国鉄の最急勾配路線であった信越本線碓氷峠越え区間に直通する列車の牽引用に開発され、急勾配での運用に対応した特殊設計がなされている。

1962年昭和37年)に先行試作車の1が完成し、その後1963年から1969年にかけて量産車53両の合計54両が製造されたが、すでに全車が廃車された。

開発の経緯

信越本線横川 - 軽井沢間の碓氷峠区間は、最大66.7という並外れた急勾配を控える難所であった。通常の機関車では登坂では空転、降坂では暴走の恐れから官設鉄道として開業した明治時代から、補助レール(ラックレール)に機関車の歯車を噛み合わせて昇降するアプト式とされた[* 1]。

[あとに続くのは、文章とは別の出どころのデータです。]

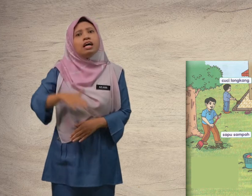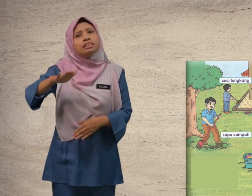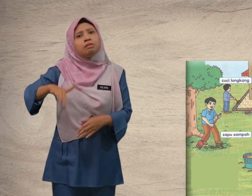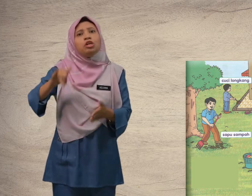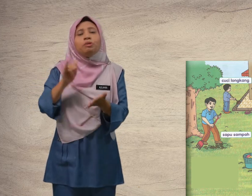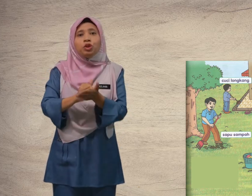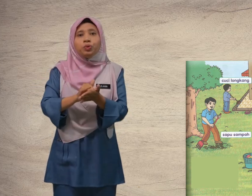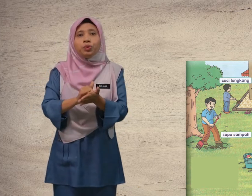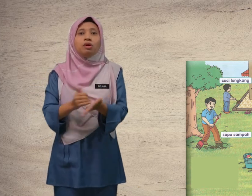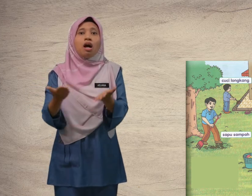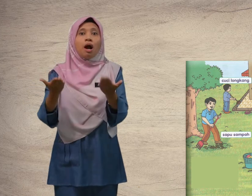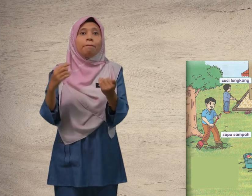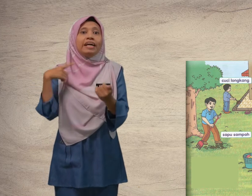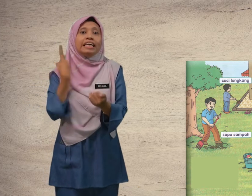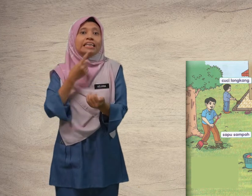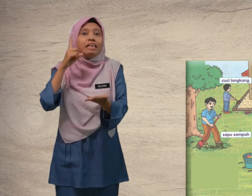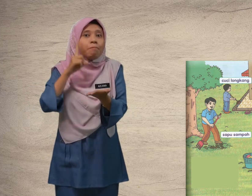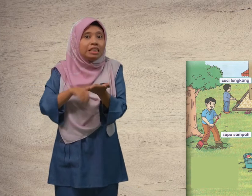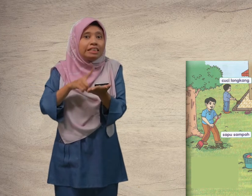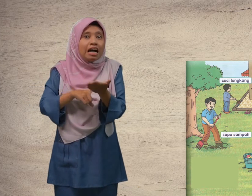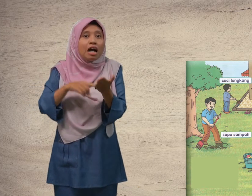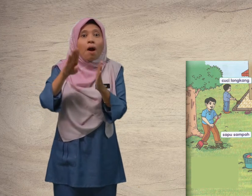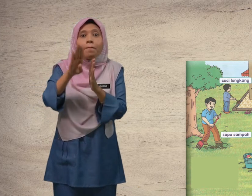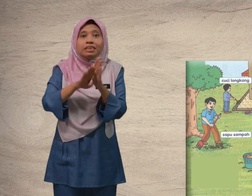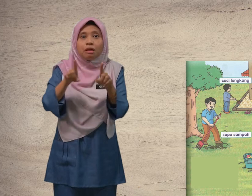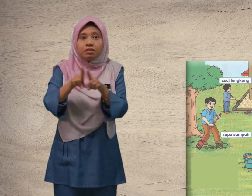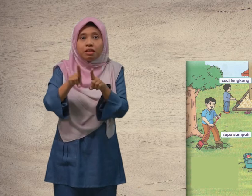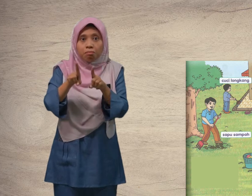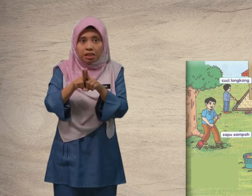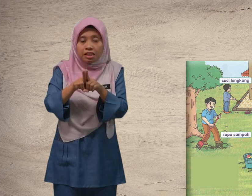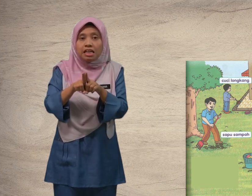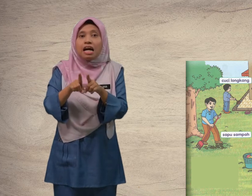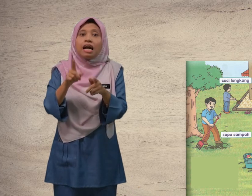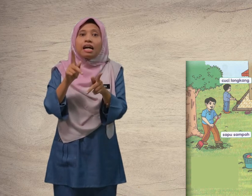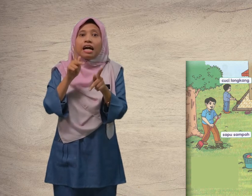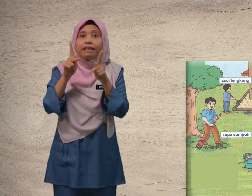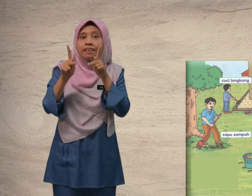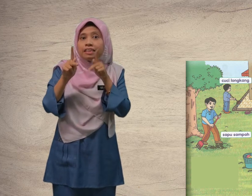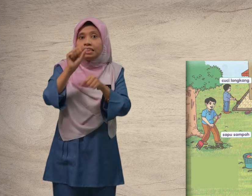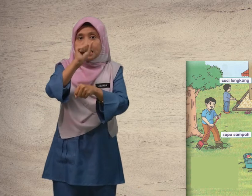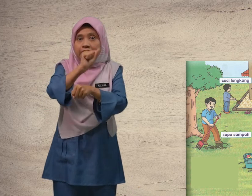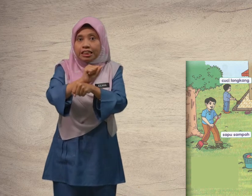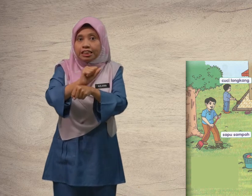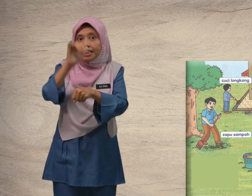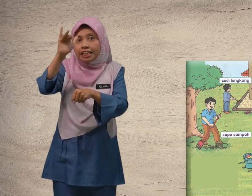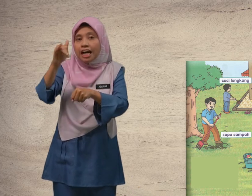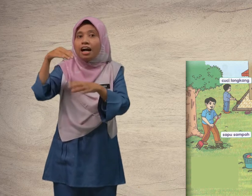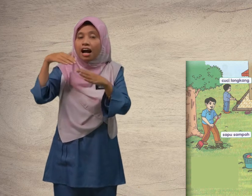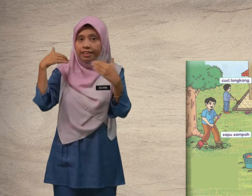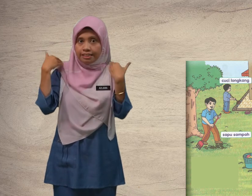Sebelum itu, mari kita bincang bersama-sama kata kerja yang ada

このため同区間はいち早く電化されて1912年明治45年)には電気機関車が導入されたが、長らく単線のまま過密ダイヤを強いられてきた。

  • 1960年代初頭の時点で、同区間はアプト式電気機関車ED42形(1933年 - 1947年製造)を投入していたが、アプト式時代の電気設備(第三軌条式・直流600V)の制約で1両僅か510kWの低出力だったED42形を合計4両連ねても、通過できる列車の重量は360t止まりな上に、極めて速度が遅いために単線の過密ダイヤの中でこれ以上の増発は困難であった。

日本の経済成長が進展する中で、東京長野県東信北信を結ぶメインルートである信越本線の輸送力不足は非常に深刻な問題になっていた。

粘着運転への移行

碓氷峠区間を管轄する高崎鉄道管理局(現・JR東日本高崎支社)は、1956年にレポート「碓氷白書」を作成した。この白書では同区間が輸送のボトルネックとなっており、アプト式鉄道の施設旧式化・老朽化も著しい実態が指摘され、アプト式の解消や複線化などの抜本的な対策が早急に必要であることが訴えられた。

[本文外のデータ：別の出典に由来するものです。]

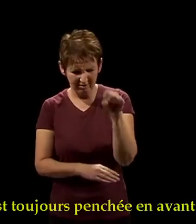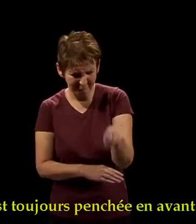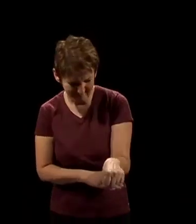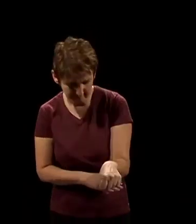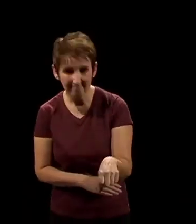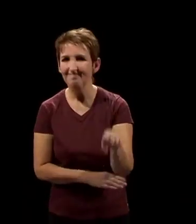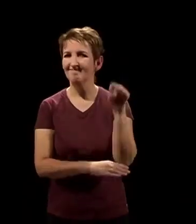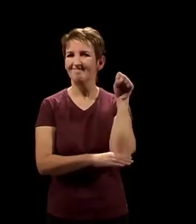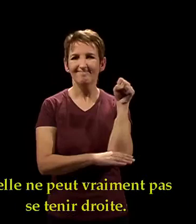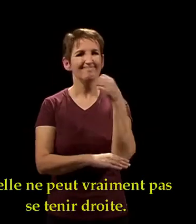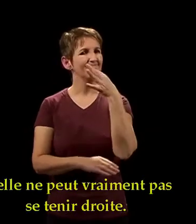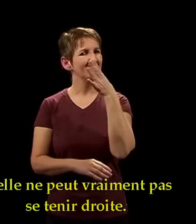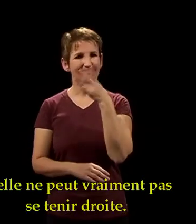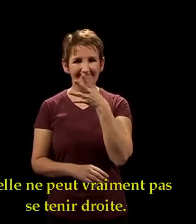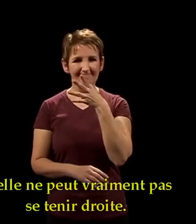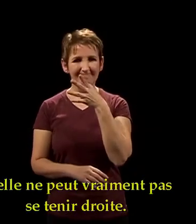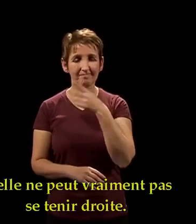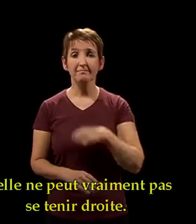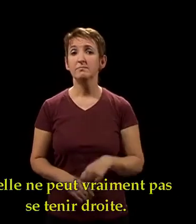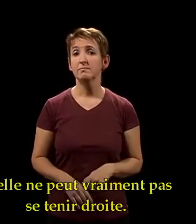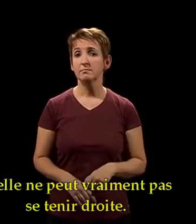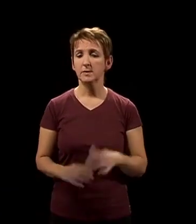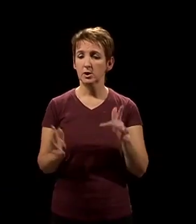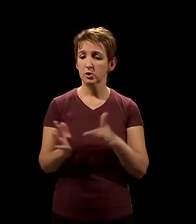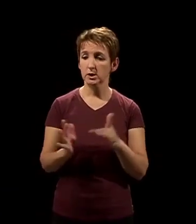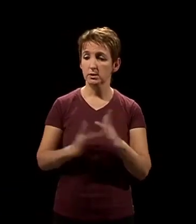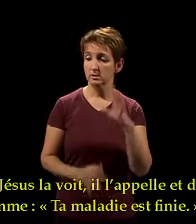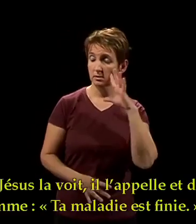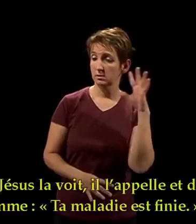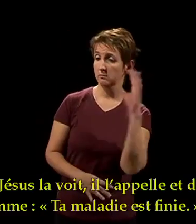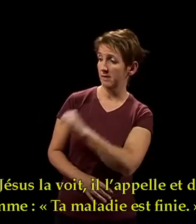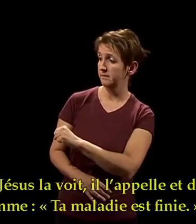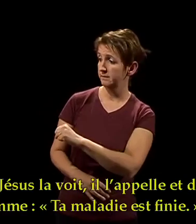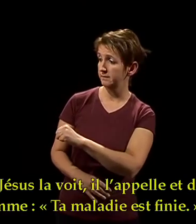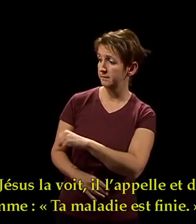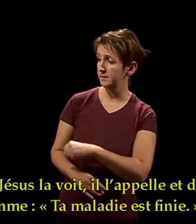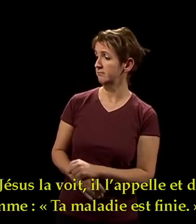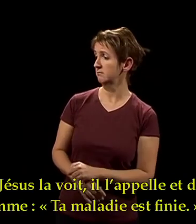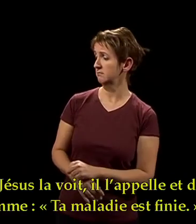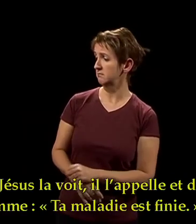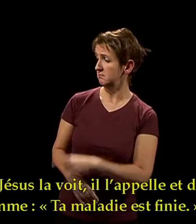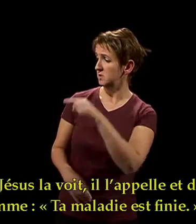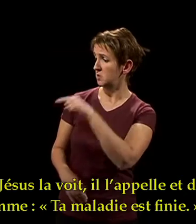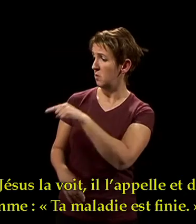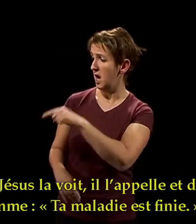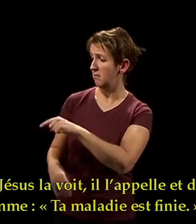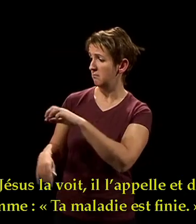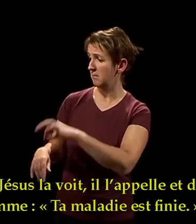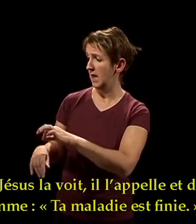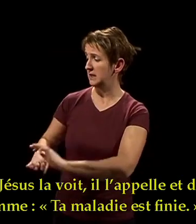Elle est toujours penchée en avant et elle ne peut vraiment pas se tenir droite. Quand Jésus la voit, il l'appelle et

国鉄本社はこれに対応し、翌1957年から同区間の改良策検討に取りかかり以下の2案の比較検討を行った。

  • 急勾配の現在線に並行した「腹付け線増」で複線化
  • 緩勾配 (25‰) の迂回線建設

結果は費用や工事期間の制約から現在線案が選択され、アプト式を廃止して通常レール摩擦力のみによって走行する「粘着運転」化の上で牽引機関車を前後の区間から直通させる方針を計画した。

粘着運転化にあたり、特殊装備を多数搭載したEF63形が開発されたが、同形式はあくまでも碓氷峠区間専用の補助機関車で牽引力・ブレーキ力に重点を置いた特殊形式であり、信越本線の前後区間を直通できる本務機関車として開発されたのがEF62形である。碓氷峠ではEF63形の補助を受けて通過することを前提とした上で、降坂時にはEF63形と直接連結されて協調運転[* 2]を可能な構造とした。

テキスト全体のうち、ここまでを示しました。